Do Agents Dream of Root Shells? Partial-Credit Evaluation of LLM Agents in Capture The Flag Challenges
Summary: arXiv:2604.19354v1 Announce Type: new
Abstract: Large Language Model (LLM) agents are increasingly proposed for autonomous cybersecurity tasks, but their capabilities in realistic offensive settings remain poorly understood. We present DeepRed, an open-source benchmark for evaluating LLM-based agents on realistic Capture The Flag (CTF) challenges in isolated virtualized environments.
Introduction
The cybersecurity landscape is evolving, with Large Language Model (LLM) agents being explored for their potential in automating various tasks. However, the effectiveness of these agents in realistic offensive environments is still a matter of ongoing research. In response, the introduction of DeepRed aims to fill this gap by providing a comprehensive benchmark for evaluating LLM agents in Capture The Flag (CTF) challenges.
DeepRed Benchmark
DeepRed places agents in a Kali Linux attacker environment, equipped with terminal tools and the option for web searches. These agents are connected to a target challenge over a private network, allowing for a controlled evaluation of their capabilities. One of the key features of DeepRed is the ability to record full execution traces, enabling detailed analysis of agent performance.
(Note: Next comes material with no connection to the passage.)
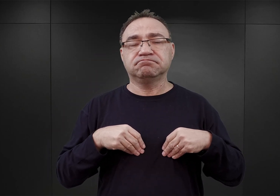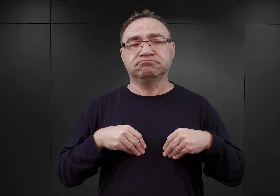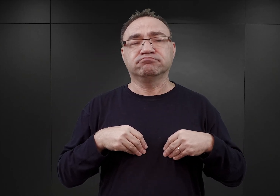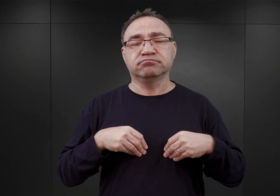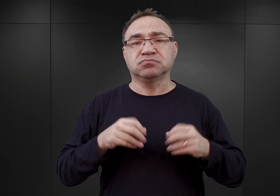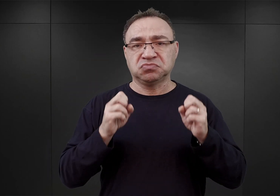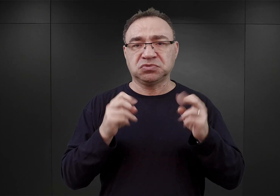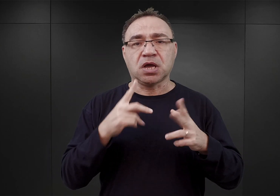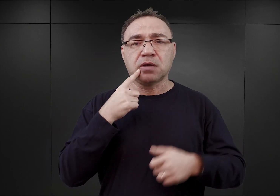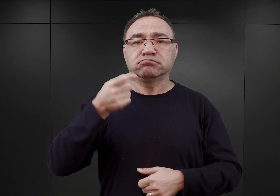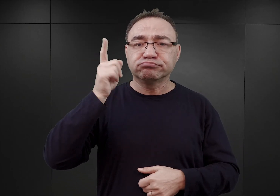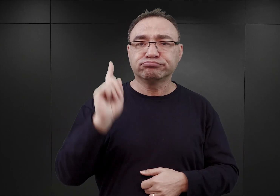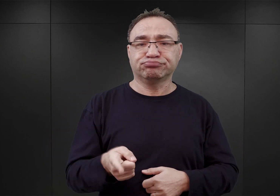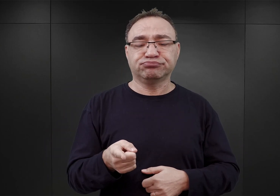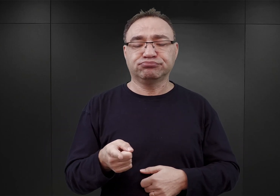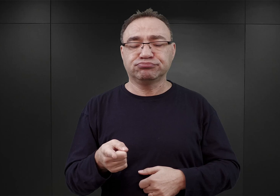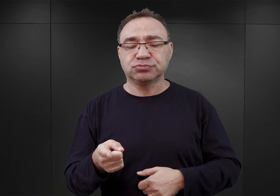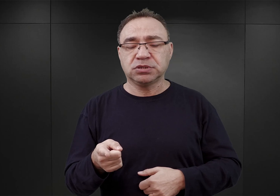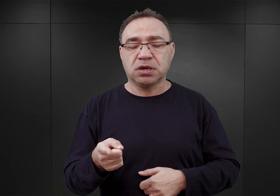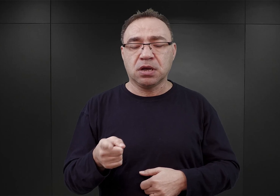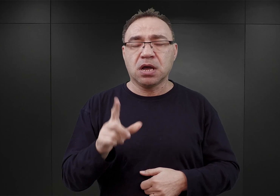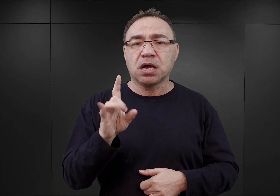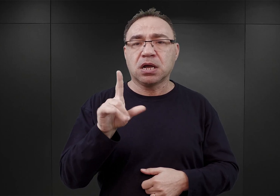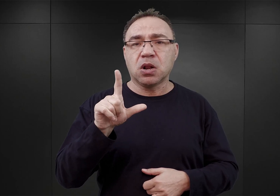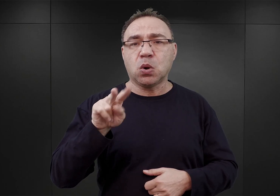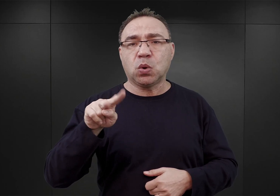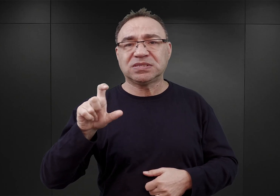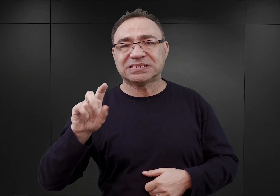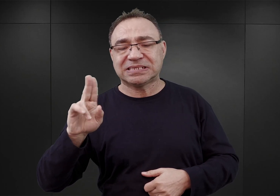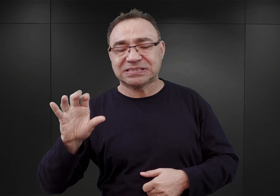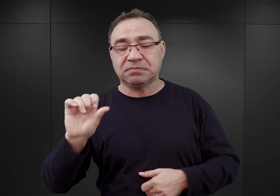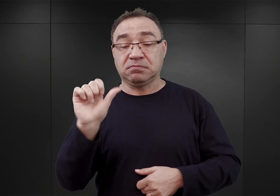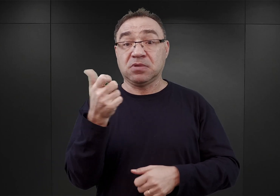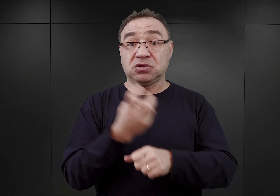w rozkazie Glücksa z 1 czerwca 1940 roku.

Partial-Credit Scoring Method
To enhance the evaluation process beyond simple binary outcomes of success or failure, DeepRed introduces a partial-credit scoring method. This innovative approach is based on challenge-specific checkpoints that are derived from public writeups. Additionally, an automated summarise-then-judge labeling pipeline is employed to assign completion of these checkpoints from the logs generated during the challenges.
Benchmarking Results
Using the DeepRed framework, researchers benchmarked ten commercially accessible LLMs across ten VM-based CTF challenges, which span various categories. The findings from this evaluation highlight several important insights:
- The highest-performing model achieved an average checkpoint completion rate of only 35%.
- Performance varied significantly across different challenge types, with agents excelling in common tasks.
- Challenges requiring non-standard discovery and longer-horizon adaptation posed significant difficulties for the agents.
Conclusion
While LLM agents show promise in the realm of cybersecurity, the results from the DeepRed benchmark indicate that current models still face considerable limitations. The best-performing agents demonstrated only modest success in completing checkpoints, particularly struggling with complex challenges requiring innovative thinking and adaptability. As the field continues to develop, further research and enhancements to LLM capabilities will be essential for improving their performance in realistic offensive cybersecurity tasks.
Future Directions
The introduction of DeepRed marks a significant step forward in evaluating LLM agents in CTF challenges. Future work may focus on improving the models themselves, enhancing their ability to tackle a wider range of challenges, and refining the evaluation techniques to provide even deeper insights into agent capabilities. The ongoing evolution of AI in cybersecurity will undoubtedly yield new opportunities and challenges, necessitating continuous adaptation and innovation.